Early On - with edits

Phil had to choose wisely when it came to “fighting” – or trying to break me down.  It didn’t work to call me names, or disrespect me in public.  I would do it right back, only faster and more vehemently.  Not that I was all that patient, or controlled back then. But I did believe “What’s good for the goose, is good for the gander.” It became my motto.  It became a game.  If he treated me badly, I would find the most inopportune times to embarrass him while he was with his friends or colleagues, or I would ask “innocent” questions that I knew he couldn’t answer.  I couldn’t help it. If there was anything all that psychotherapy taught me in high school, it was that I really was worthy, that I had a brain – and could fight back.

Because you know, I thought I was in love.  And if you’re in love, you try and work things out, right? Nothing else matters. And he counted on that.  I mean, even after my mother found out that her husband had been getting drunk and sneaking down to my room at night, she still stayed.  Even after she found out his little brother had been sexually abusing me since I was eight, she still stayed.  For ten years, she stayed – and made everyone’s life miserable. Including mine.

How fucked up is that?

Juxtaposition.  The fact of two things being seen or placed close together with contrasting effect.  Or so says Google. 

It’s 1982. Imagine a girl riding her bike in the surburbs. She’s sporting long blonde hair, a pair of 1970’s sport shorts with white piping and those blue striped, knee high athletic socks.  Maybe she’s a bit developed for her age. Maybe, even at the tender age of 14, she could pass as 16, or even 18, and with a wink and a nod, be able to get in to see her favorite heavy metal band (flogging molly) at some local dive.

Tooling around on my bike was a favorite pastime. Hanging out at my girlfriends house, making up dances to Queen’s “Another One Bites The Dust” – getting in jealous girlfriend fights, sneaking out at night, making out with the most popular boy in the hideout – these are things, the good things that I remember. 

These memories are only marred by a white van pulling up beside me one late afternoon.  The one guy in the passenger seat had rolled down his window, wondering if he could ask me a question.

I agreed. With caution.

The van door open, and inside sat an older lanky fellow. Not too much older, mind you. He had longish auburn hair, and a prominent nose.  He wore the brightest smile, and a pair of shorts that were so short, his rather mature, hairless sack of balls were hanging out. 

The passenger guy started asking me a question about “Where could he find…?”

I could only stare at the saggy testicles.

It was probably 20 seconds before I realized something really, really bad could happen here.  I looked up at the passenger and began to engage his conversation, before suddenly darting off on my bike.

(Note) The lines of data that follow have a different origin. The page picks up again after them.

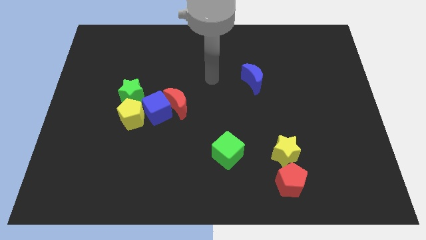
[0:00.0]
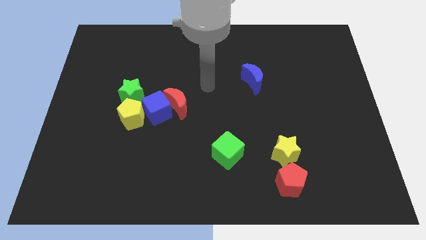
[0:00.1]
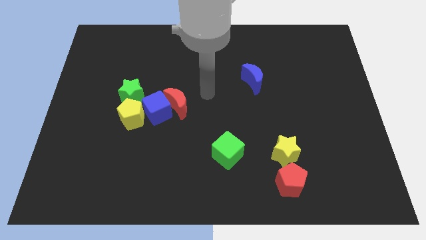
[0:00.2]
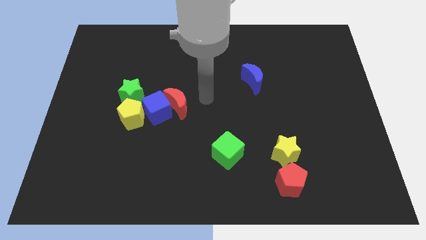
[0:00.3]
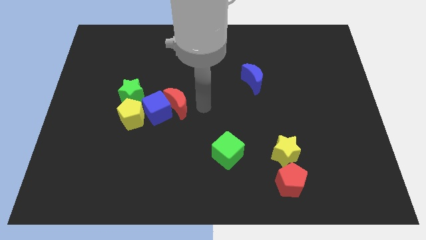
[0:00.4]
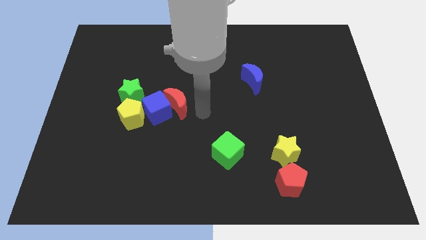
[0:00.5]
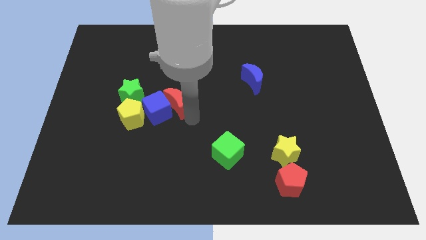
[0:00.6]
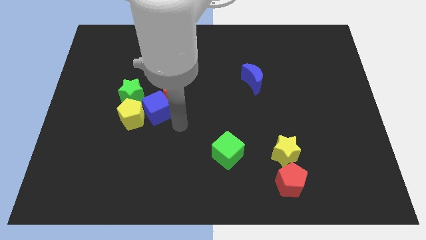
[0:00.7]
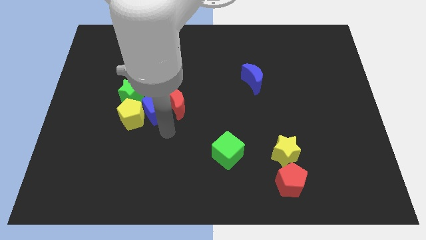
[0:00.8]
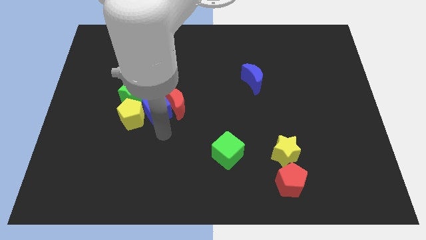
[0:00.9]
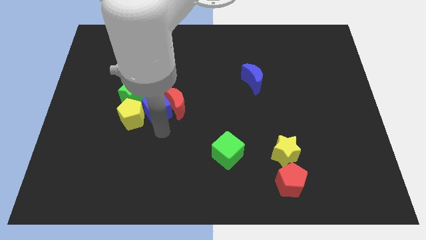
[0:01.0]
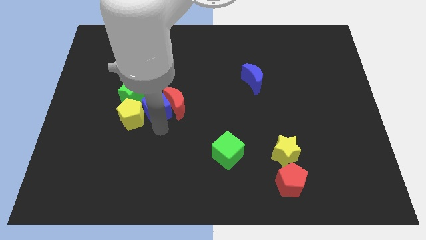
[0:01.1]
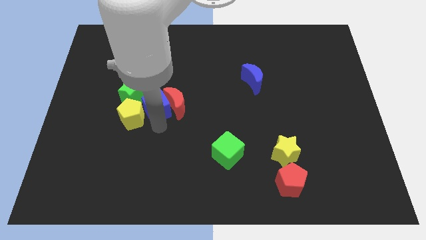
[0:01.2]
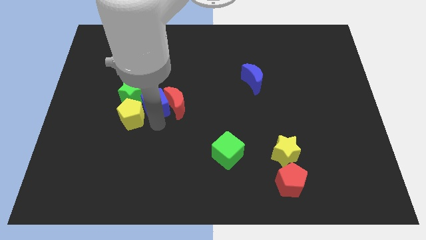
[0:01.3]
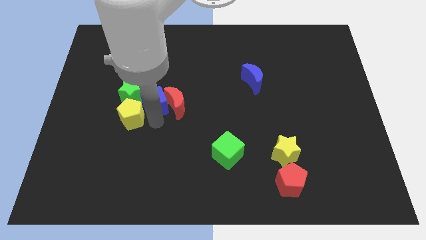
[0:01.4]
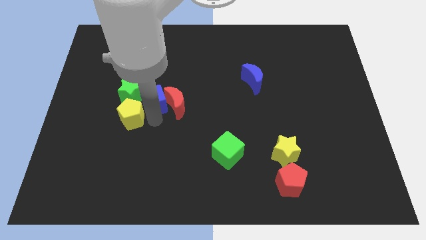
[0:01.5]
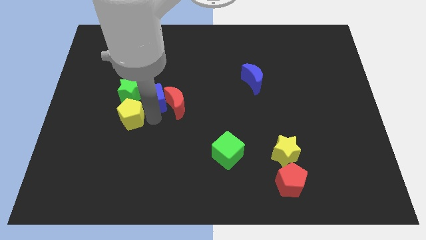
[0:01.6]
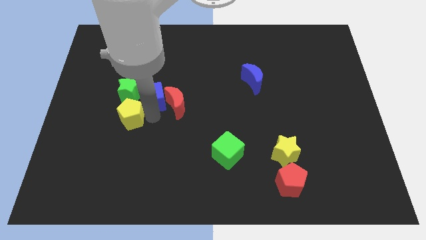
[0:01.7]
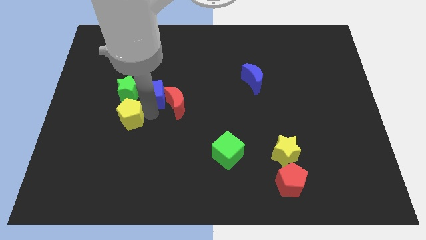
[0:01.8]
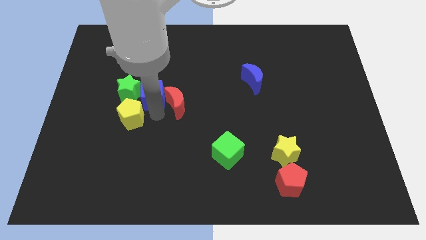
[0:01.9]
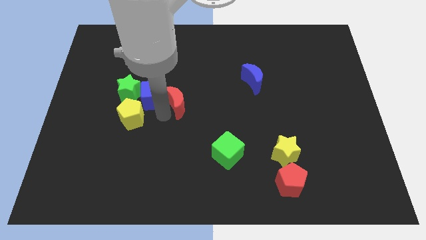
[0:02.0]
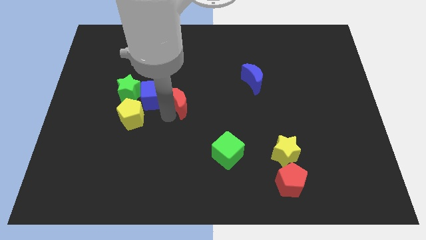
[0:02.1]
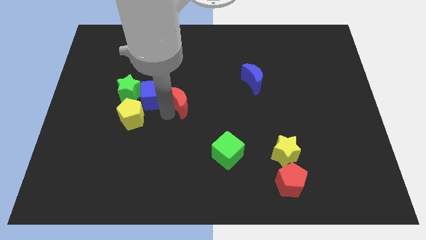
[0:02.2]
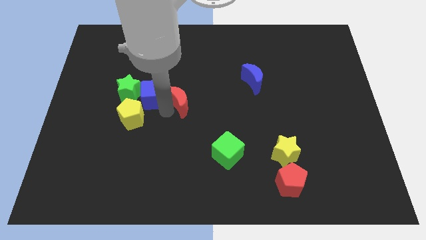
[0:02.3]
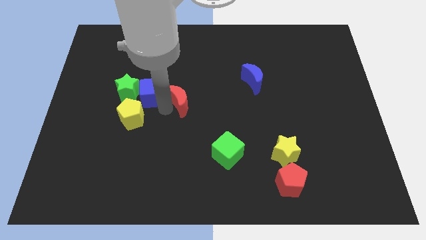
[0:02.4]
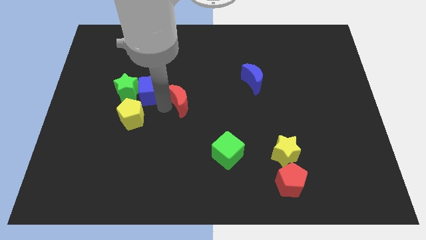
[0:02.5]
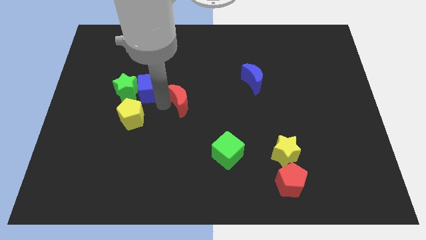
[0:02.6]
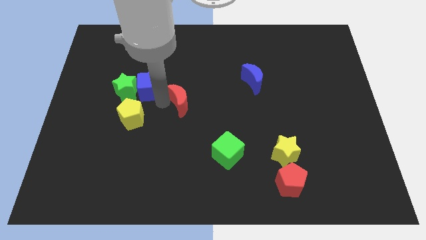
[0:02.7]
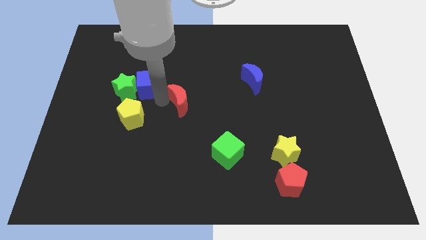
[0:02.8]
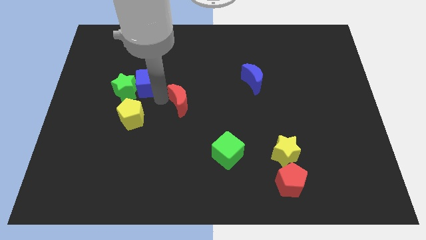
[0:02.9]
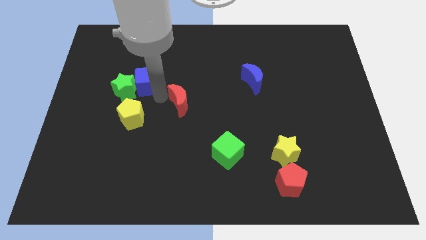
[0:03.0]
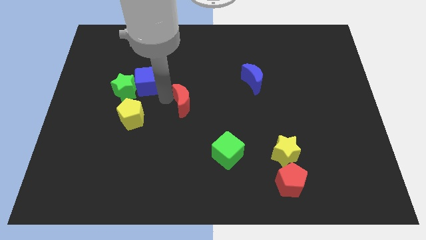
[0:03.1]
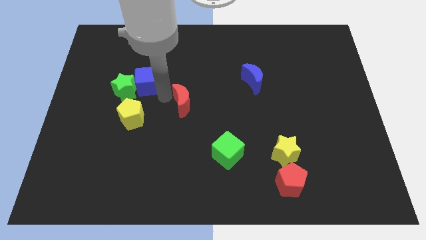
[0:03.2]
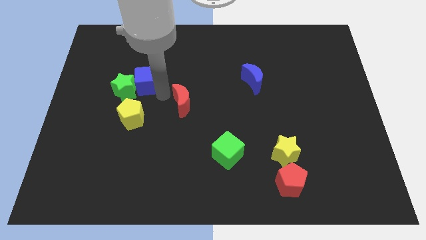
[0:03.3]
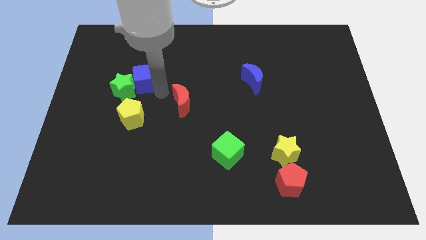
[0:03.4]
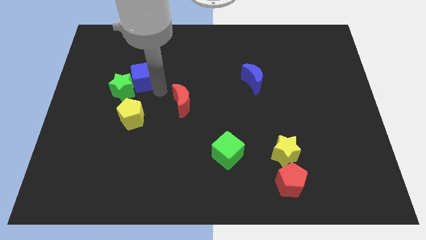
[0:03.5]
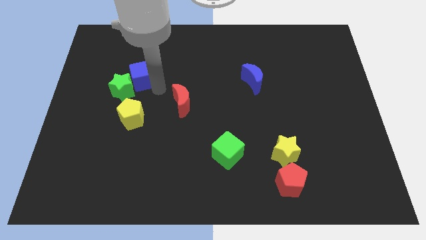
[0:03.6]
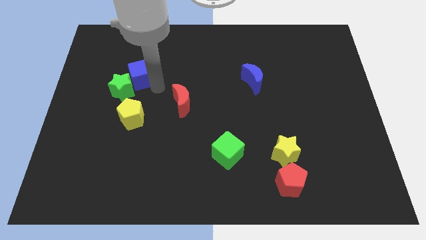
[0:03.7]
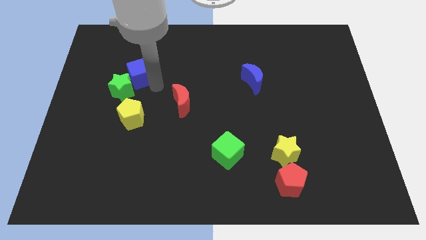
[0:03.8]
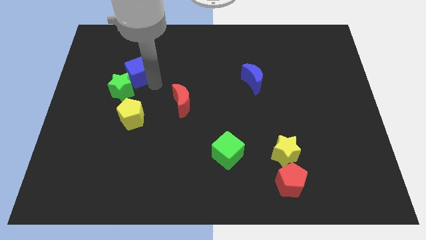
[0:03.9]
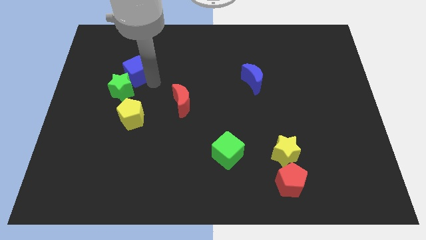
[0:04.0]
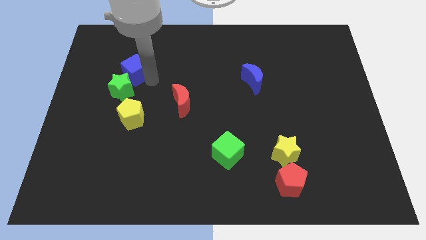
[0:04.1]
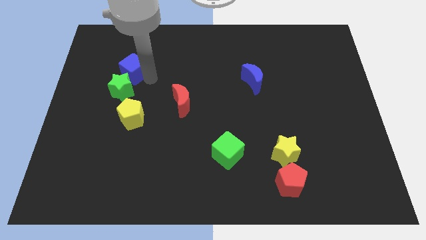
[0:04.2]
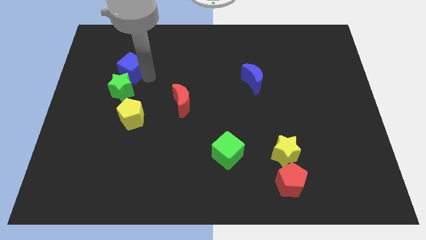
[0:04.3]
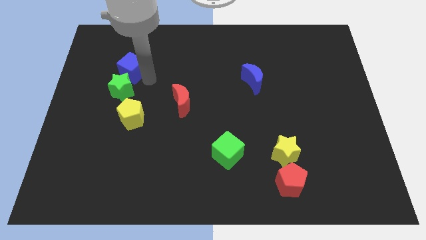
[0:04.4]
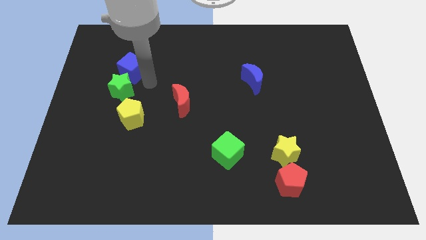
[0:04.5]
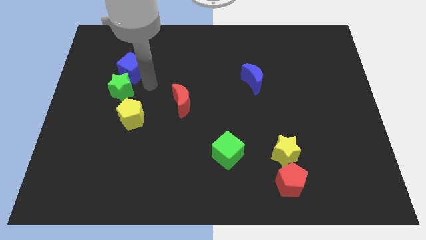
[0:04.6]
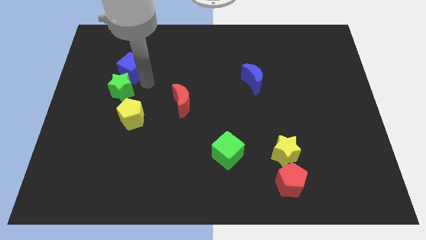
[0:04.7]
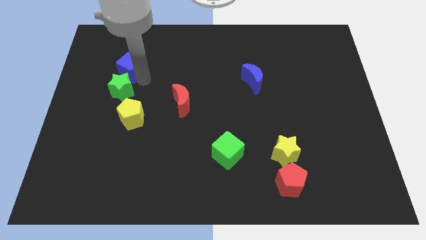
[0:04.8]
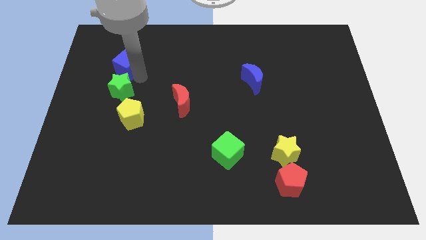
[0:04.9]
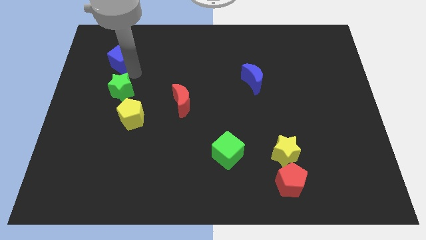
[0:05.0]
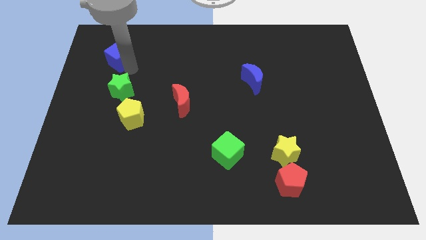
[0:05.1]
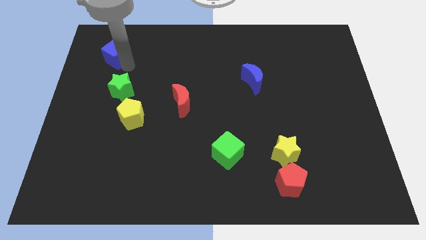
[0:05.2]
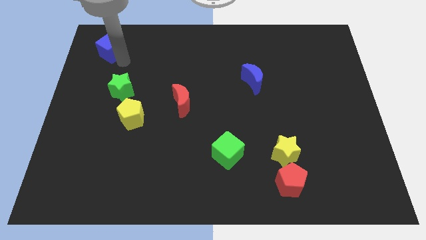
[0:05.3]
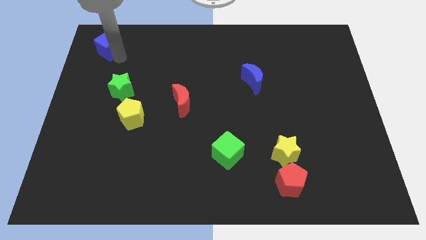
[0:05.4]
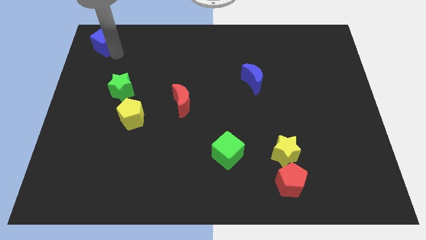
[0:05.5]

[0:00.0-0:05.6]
put the blue cube to the top left

Without finishing my sentence.


Some place outside Rockford there was this amazing shopping mall. Twenty-five years ago it may have been brand new, I remember it practically sparkling – beckoning shoppers to come in and spend their hard earned cash at places like The Limited, or Montgomery Wards.  Old Ghost took me shopping, which meant looking – not really buying anything – as I imagine he had to keep up with his façade of being penniless. He did however, offer to spring for me to record a song at one of those one-off retail studios. You could pick a song, then record the vocals track and receive a cassette tape of your rendition.  Having no vocal training at all, I of course chose the most difficult song to perform, Whitney Houston’s “Greatest Love of All” – it was off key, and a little warbled, but I was proud of myself to even have attempted it. Looking back I wondered if it was also some kind of unconscious message to OG. The lyrics are quite poignant.  He was a musician, you see. A pretty good guitarist, and I wanted desperately to help him write songs. At that point in our relationship, however, I wondered why we were even together. I had felt awkward around his older friends, older friends that had children my age.  Indeed, there was this aura of animosity coming from most of the people we met. Old Ghost didn’t seem to care at first, but I could feel it wherever we hung out.  After a year or so, we stopped hanging around his friends so much. I had gained 20 pounds since high school, and was weighing in at about 170, so thought that’s what it was. But the truth was, he was 34 years old, and even though I was 20 – I looked like a chubby 16 year old. Something that I think he secretly liked.